I'm not sure if this is helpful, but for context some of the original workarounds were attempting to support surfaceless/headless GL contexts for initial queries, then being able to optionally associate the context with a surface afterwards through whatever context-specific APIs were available for that platform (e.g., context sharing). The implementation may have drifted over time but that was the original intent at least.

glutin and surfman didn't support this use case at the time, so wgpu would have needed a separate API for GL to fit glutin's API. Maybe glutin supports this now though?

Some other background:

MarijnS95 commented 4 weeks ago

@BartBM it doesn't look like that relies on DMA-BUF (otherwise they should take file descriptors and DRM modifiers?), but instead uses the given texture as a render target when Slint renders its output using OpenGL?

Note that its safety constraints - which describe soundness when other safe-to-call functions are called, or callbacks are invoked - are exactly the ones that @ErichDonGubler shot down in https://github.com/gfx-rs/wgpu/pull/6152#discussion_r1743878285 / https://github.com/gfx-rs/wgpu/issues/6211 🤭


@grovesNL Thanks for that backstory, yeah it seems quite common to create a dummy window or surface to get this done. New glutin design however shows that you can typically get away without it (though I'm incredibly glad APIs like Vulkan exist that don't require a "current context" with render target well before you're actually rendering anything).

Specifically on EGL, this might be tricky if the select EGLConfig is incompatible with a window/surface down the line, requiring you to create a new context. This context could be shared with the dummy context though, allowing them to share resources while their "current-ness" is independent. (Except that on at least wglShareLists() there are some extra constraints when calling).

EDIT: Being all honest, I'm still completely oblivious to wgpu's "async" design and would have to do quite some preliminary reading to understand how the GL context API limitations fit into this design. I.e. what needs to be queried/created up-front before a surface is known and a render pass can start?

BartBM commented 4 weeks ago

@MarijnS95 The slint::BorrowedOpenGLTextureBuilder can only display a texture when it is created in the same OpenGL context. That's why I needed access to the raw texture in WGPU, expose it using DMA-BUF and then import it in Slint. The context is different. The example code is in the link above.

grovesNL commented 4 weeks ago

@MarijnS95

understand how the GL context API limitations fit into this design. I.e. what needs to be queried/created up-front before a surface is known and a render pass can start?

It's similar to the kind of information you'd get during Vulkan initialization so you can select which device to use, e.g., driver information, features, limits (https://docs.rs/wgpu-hal/22.0.0/wgpu_hal/struct.ExposedAdapter.html)

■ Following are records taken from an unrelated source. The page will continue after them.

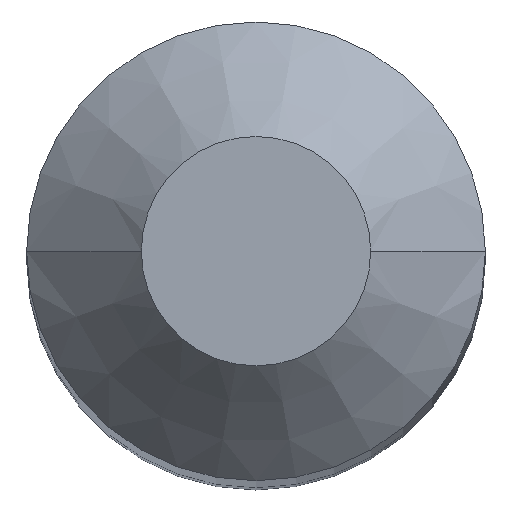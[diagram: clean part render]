
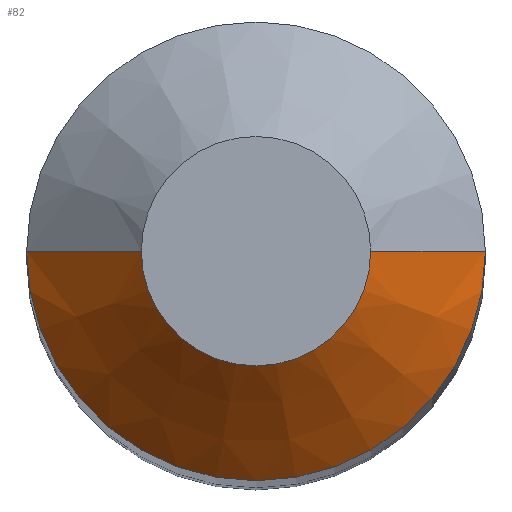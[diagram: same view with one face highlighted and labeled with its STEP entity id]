
A CAD part, top view. The second image highlights one B-rep face of the part: STEP entity #82.
In plain terms, the highlighted conical face has half-angle 45 degrees and reference radius 1.587 mm.
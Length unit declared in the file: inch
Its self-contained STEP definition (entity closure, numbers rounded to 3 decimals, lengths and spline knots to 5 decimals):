
#4 = CARTESIAN_POINT ( 'NONE',  ( 0., 0., 0. ) ) ;
#35 = DIRECTION ( 'NONE',  ( 0., 0., -1. ) ) ;
#41 = CARTESIAN_POINT ( 'NONE',  ( -0.03125, 0., 0. ) ) ;
#45 = DIRECTION ( 'NONE',  ( -0.707, 0., -0.707 ) ) ;
#48 = ORIENTED_EDGE ( 'NONE', *, *, #169, .T. ) ;
#59 = CIRCLE ( 'NONE', #166, 0.0625 ) ;
#61 = CARTESIAN_POINT ( 'NONE',  ( 0.0625, 0., -0.03125 ) ) ;
#82 = ADVANCED_FACE ( 'NONE', ( #92 ), #369, .T. ) ;
#85 = AXIS2_PLACEMENT_3D ( 'NONE', #4, #156, #386 ) ;
#92 = FACE_OUTER_BOUND ( 'NONE', #237, .T. ) ;
#123 = CARTESIAN_POINT ( 'NONE',  ( 0., 0., -0.03125 ) ) ;
#140 = CARTESIAN_POINT ( 'NONE',  ( -0.0625, 0., -0.03125 ) ) ;
#144 = ORIENTED_EDGE ( 'NONE', *, *, #239, .F. ) ;
#145 = VECTOR ( 'NONE', #45, 39.37008 ) ;
#156 = DIRECTION ( 'NONE',  ( 0., 0., 1. ) ) ;
#162 = DIRECTION ( 'NONE',  ( 0., 0., 1. ) ) ;
#166 = AXIS2_PLACEMENT_3D ( 'NONE', #123, #162, #276 ) ;
#169 = EDGE_CURVE ( 'NONE', #377, #366, #59, .T. ) ;
#171 = CARTESIAN_POINT ( 'NONE',  ( 0.03125, 0., 0. ) ) ;
#185 = DIRECTION ( 'NONE',  ( 0.707, 0., -0.707 ) ) ;
#199 = EDGE_CURVE ( 'NONE', #266, #327, #329, .T. ) ;
#237 = EDGE_LOOP ( 'NONE', ( #144, #281, #250, #48 ) ) ;
#239 = EDGE_CURVE ( 'NONE', #327, #366, #328, .T. ) ;
#244 = DIRECTION ( 'NONE',  ( -1., 0., 0. ) ) ;
#250 = ORIENTED_EDGE ( 'NONE', *, *, #358, .T. ) ;
#266 = VERTEX_POINT ( 'NONE', #41 ) ;
#275 = CARTESIAN_POINT ( 'NONE',  ( 0., 0., -0.03125 ) ) ;
#276 = DIRECTION ( 'NONE',  ( 1., 0., 0. ) ) ;
#281 = ORIENTED_EDGE ( 'NONE', *, *, #199, .F. ) ;
#282 = LINE ( 'NONE', #140, #145 ) ;
#314 = CARTESIAN_POINT ( 'NONE',  ( -0.0625, 0., -0.03125 ) ) ;
#327 = VERTEX_POINT ( 'NONE', #171 ) ;
#328 = LINE ( 'NONE', #61, #379 ) ;
#329 = CIRCLE ( 'NONE', #85, 0.03125 ) ;
#337 = CARTESIAN_POINT ( 'NONE',  ( 0.0625, 0., -0.03125 ) ) ;
#358 = EDGE_CURVE ( 'NONE', #266, #377, #282, .T. ) ;
#366 = VERTEX_POINT ( 'NONE', #337 ) ;
#369 = CONICAL_SURFACE ( 'NONE', #384, 0.0625, 0.785 ) ;
#377 = VERTEX_POINT ( 'NONE', #314 ) ;
#379 = VECTOR ( 'NONE', #185, 39.37008 ) ;
#384 = AXIS2_PLACEMENT_3D ( 'NONE', #275, #35, #244 ) ;
#386 = DIRECTION ( 'NONE',  ( 1., 0., 0. ) ) ;
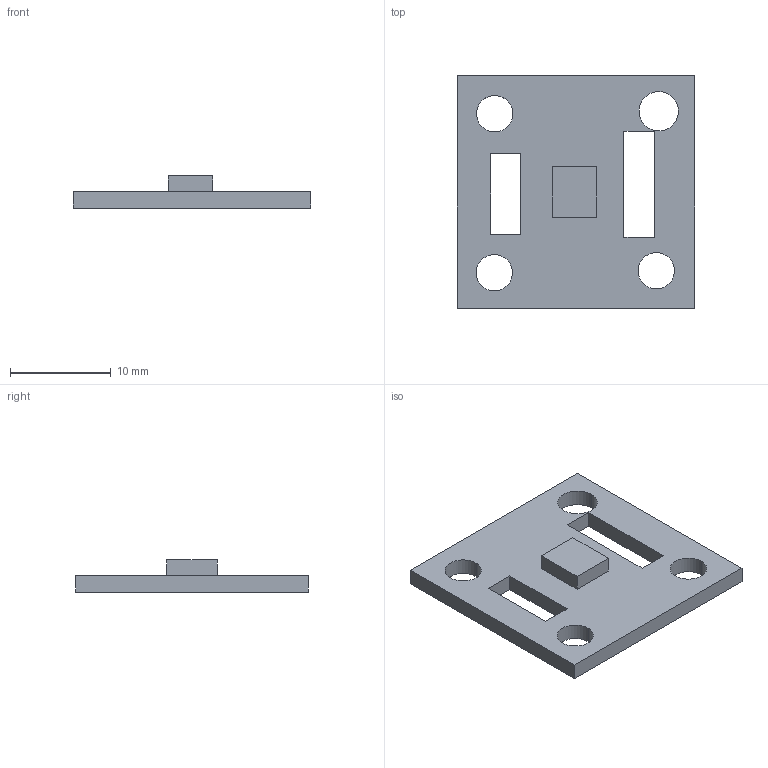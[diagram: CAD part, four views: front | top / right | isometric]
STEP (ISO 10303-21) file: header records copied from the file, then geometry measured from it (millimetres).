
FILE_DESCRIPTION (( 'STEP AP203' ), '1' );
FILE_NAME ('Ebay Encoder 1.rev1.STEP', '2025-02-09T06:57:06', ( '' ), ( '' ), 'SwSTEP 2.0', 'SolidWorks 2022', '' );
FILE_SCHEMA (( 'CONFIG_CONTROL_DESIGN' ));
Length unit declared in the file: millimetre
Products named in the file (1): Ebay Encoder 1.rev1
Bounding box: 23.5 x 23 x 3.2 mm (x, y, z)
Volume: 764.3 mm3; surface area: 1224.7 mm2
Topology: 1 solids, 1 shells, 27 faces, 72 edges, 48 vertices
Faces by surface type: plane 19, cylinder 8
Entity records: 943 total; most frequent: CARTESIAN_POINT 148, ORIENTED_EDGE 144, DIRECTION 144, EDGE_CURVE 72, VECTOR 56, LINE 56, VERTEX_POINT 48, AXIS2_PLACEMENT_3D 44

MarijnS95 commented 1 week ago

@BartBM thanks for making the repository public so that we can have a look. Going through DMA-BUF is quite extensive and may only be necessary for interop between APIs and/or when transferring resources across process boundaries.

If all you need is sharing resources between two GL contexts inside the same process (especially Textures) OpenGL context sharing should be exactly what you need. For example GStreamer uses these extensively to share textures and buffers across the pipeline while still being able to (un)current contexts on different threads independently of each other.

This is currently not at all possible with wgpu (and even resulted in some strange internal hacks), and is why @ErichDonGubler opened #6211 to see if we can rectify that. Even though that issue is specific to the current "impossible" soundness requirements on some unsafe functions inside the GLES backend, I don't think we can fix it without properly reimplementing context initialization with support for shared contexts and basing things off of existing RawDisplayHandles for compatibility (etc).


@grovesNL thanks for the link - preliminary reading shows that there's no RawDisplayHandle in there at the moment, so we'd have to find a way to add it.